● Items listed in a dataset
╔══

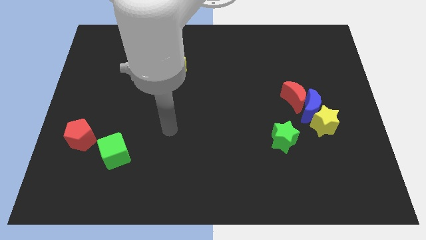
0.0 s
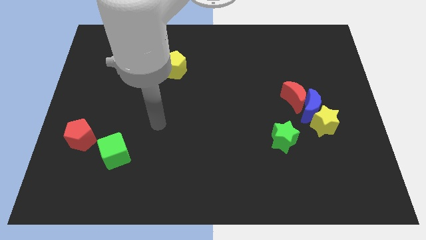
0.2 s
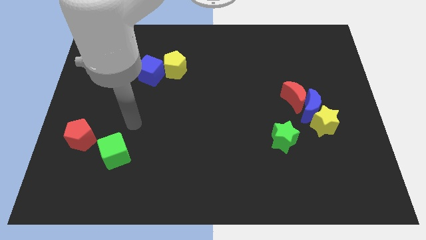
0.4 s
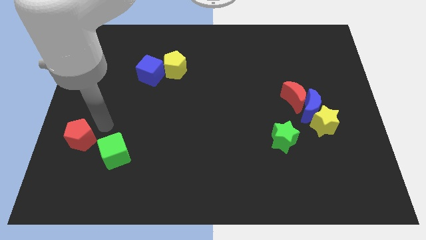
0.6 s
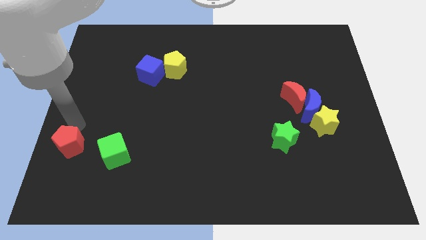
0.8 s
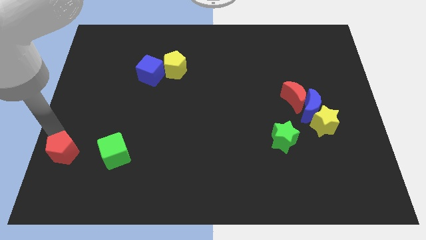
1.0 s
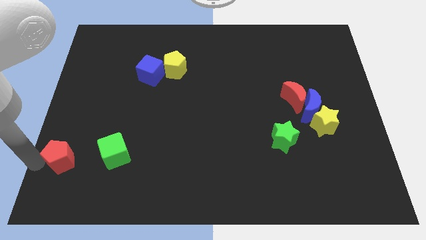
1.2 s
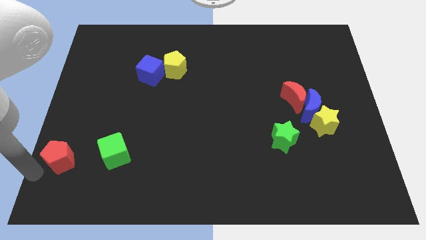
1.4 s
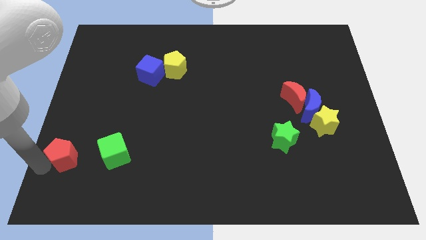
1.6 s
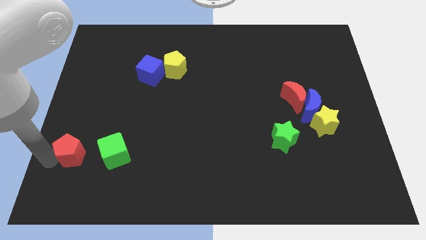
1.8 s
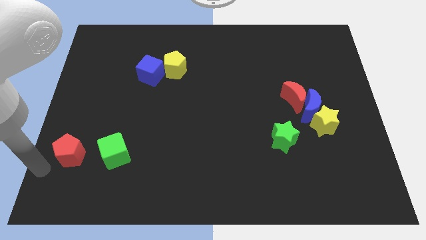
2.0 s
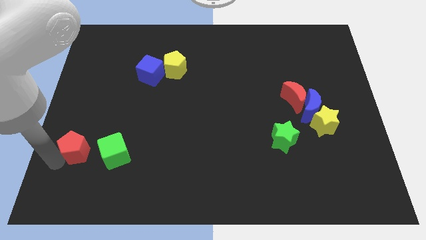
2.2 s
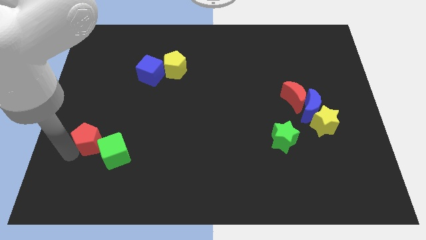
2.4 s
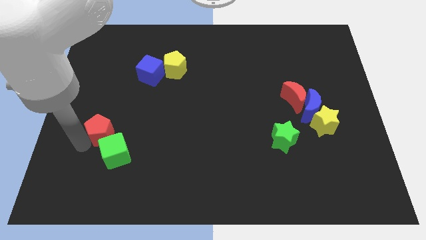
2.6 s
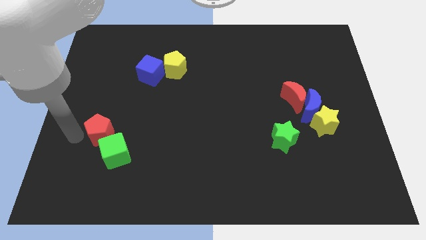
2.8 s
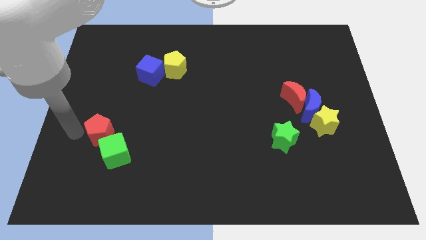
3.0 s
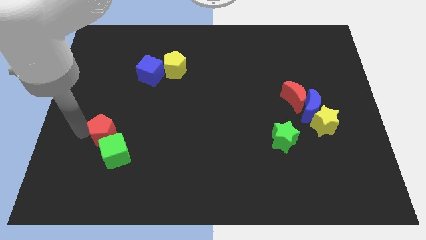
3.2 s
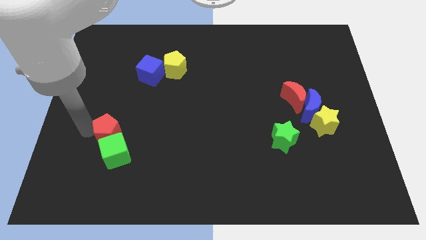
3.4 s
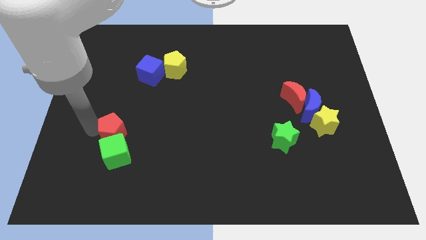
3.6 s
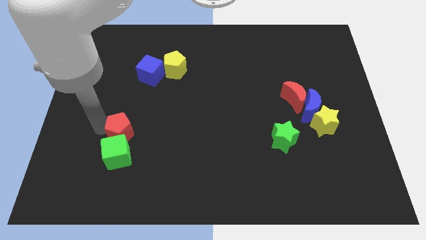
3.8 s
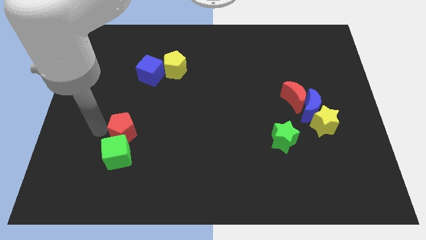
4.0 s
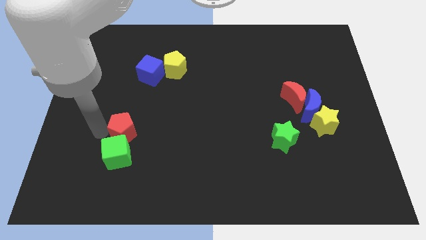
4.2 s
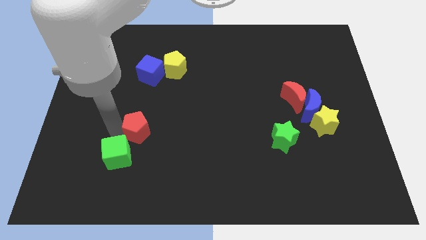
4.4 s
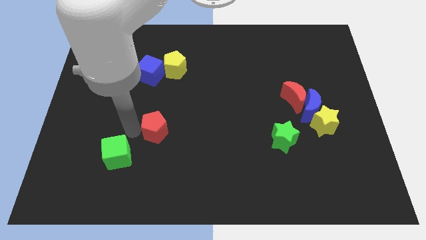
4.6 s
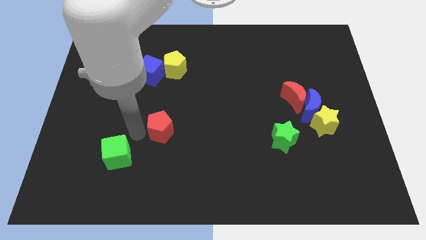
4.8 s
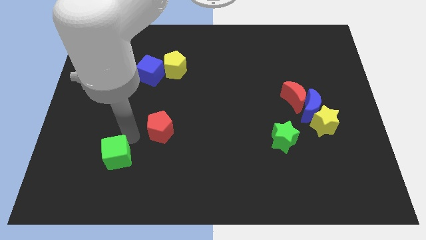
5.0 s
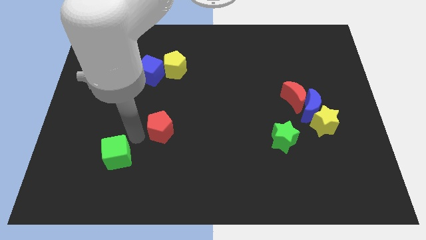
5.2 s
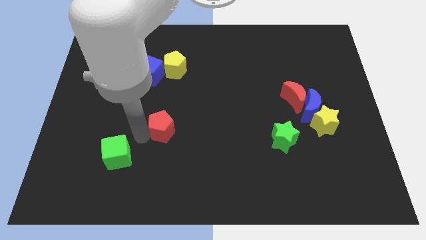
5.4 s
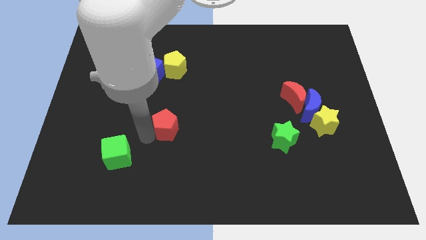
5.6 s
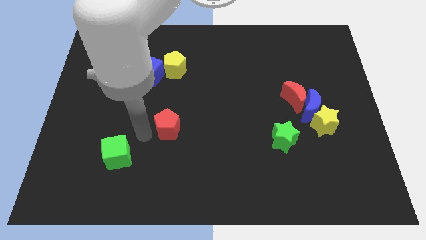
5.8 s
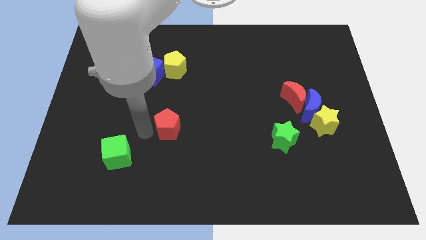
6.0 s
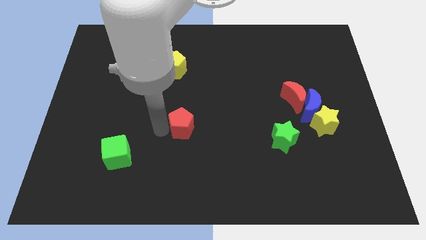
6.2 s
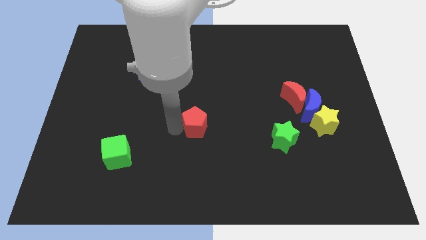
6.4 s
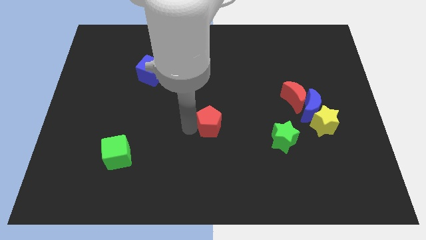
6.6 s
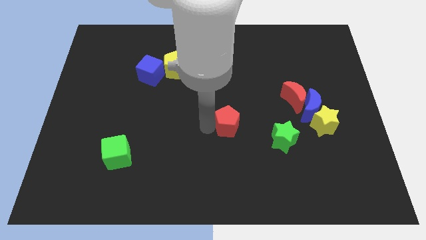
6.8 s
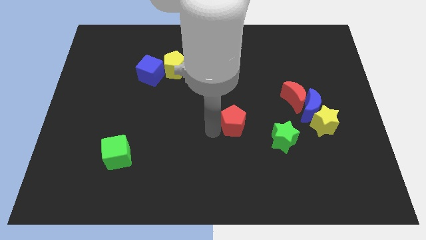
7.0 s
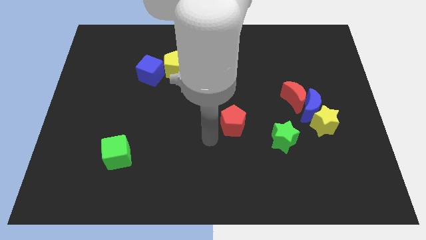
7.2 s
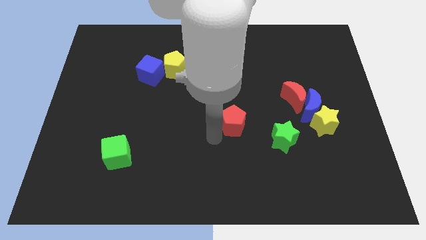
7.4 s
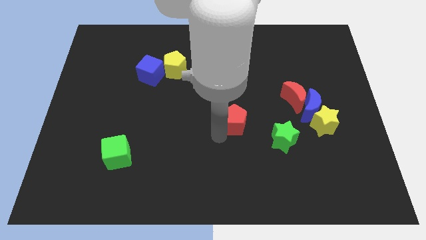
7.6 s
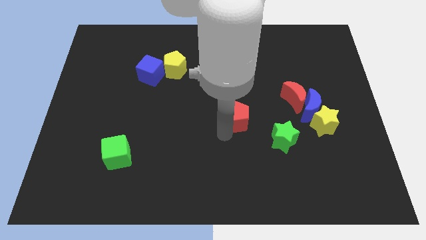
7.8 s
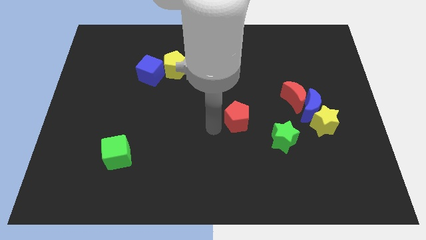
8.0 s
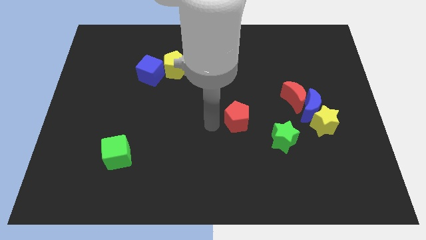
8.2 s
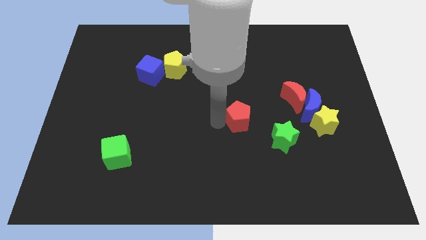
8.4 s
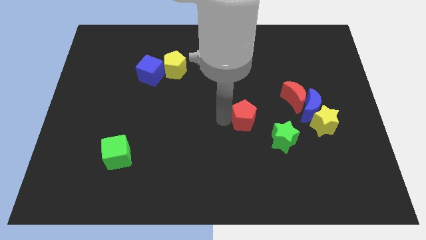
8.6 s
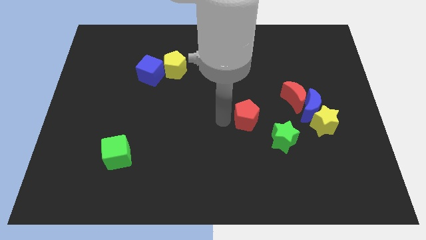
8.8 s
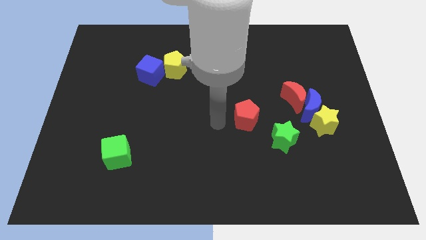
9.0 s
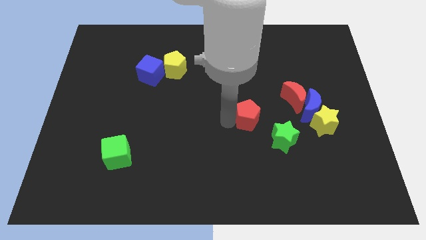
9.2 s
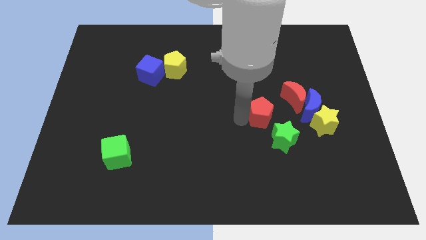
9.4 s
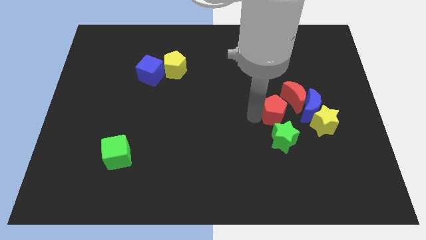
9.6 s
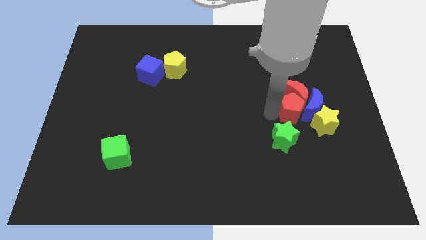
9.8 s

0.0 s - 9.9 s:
put the red pentagon next to the blue moon

╚══

● What is needed
Every entry belongs in the answer exactly as written, but no picture does.

● Reply to the exercise
0.0 s
0.2 s
0.4 s
0.6 s
0.8 s
1.0 s
1.2 s
1.4 s
1.6 s
1.8 s
2.0 s
2.2 s
2.4 s
2.6 s
2.8 s
3.0 s
3.2 s
3.4 s
3.6 s
3.8 s
4.0 s
4.2 s
4.4 s
4.6 s
4.8 s
5.0 s
5.2 s
5.4 s
5.6 s
5.8 s
6.0 s
6.2 s
6.4 s
6.6 s
6.8 s
7.0 s
7.2 s
7.4 s
7.6 s
7.8 s
8.0 s
8.2 s
8.4 s
8.6 s
8.8 s
9.0 s
9.2 s
9.4 s
9.6 s
9.8 s

0.0 s - 9.9 s:
put the red pentagon next to the blue moon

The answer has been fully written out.